Started writing in Aug 20 2023

Released in Sep 05 2023

Thank for insight discussions with Ziming Liu @MIT, Junxian He @HKUST, Hao Peng @UIUC, and Ruibo Liu @Google DeepMind

Recently, the focus of research and open-source community are gradually shifting from model engineering to data engineering, realizing the crucial importance of data quality. However, when we say “we want better data”, what does “better data” mean precisely?

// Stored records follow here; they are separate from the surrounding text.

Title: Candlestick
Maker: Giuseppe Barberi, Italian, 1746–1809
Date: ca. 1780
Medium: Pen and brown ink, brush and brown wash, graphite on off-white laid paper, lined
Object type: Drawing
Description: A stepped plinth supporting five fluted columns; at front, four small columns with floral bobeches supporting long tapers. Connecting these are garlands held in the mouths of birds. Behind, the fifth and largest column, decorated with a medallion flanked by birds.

When we say “we optimize the data composition”, what is the objective that we are optimizing?

We would like to study the theoretical support for the language modeling data engineering. We believe that in-depth understanding of the problem is equally important as developing methods to solve the problem, and theoretical analysis will lead us to predictable scaling: to predict the eventual performance on every single task before we actually run the experiments.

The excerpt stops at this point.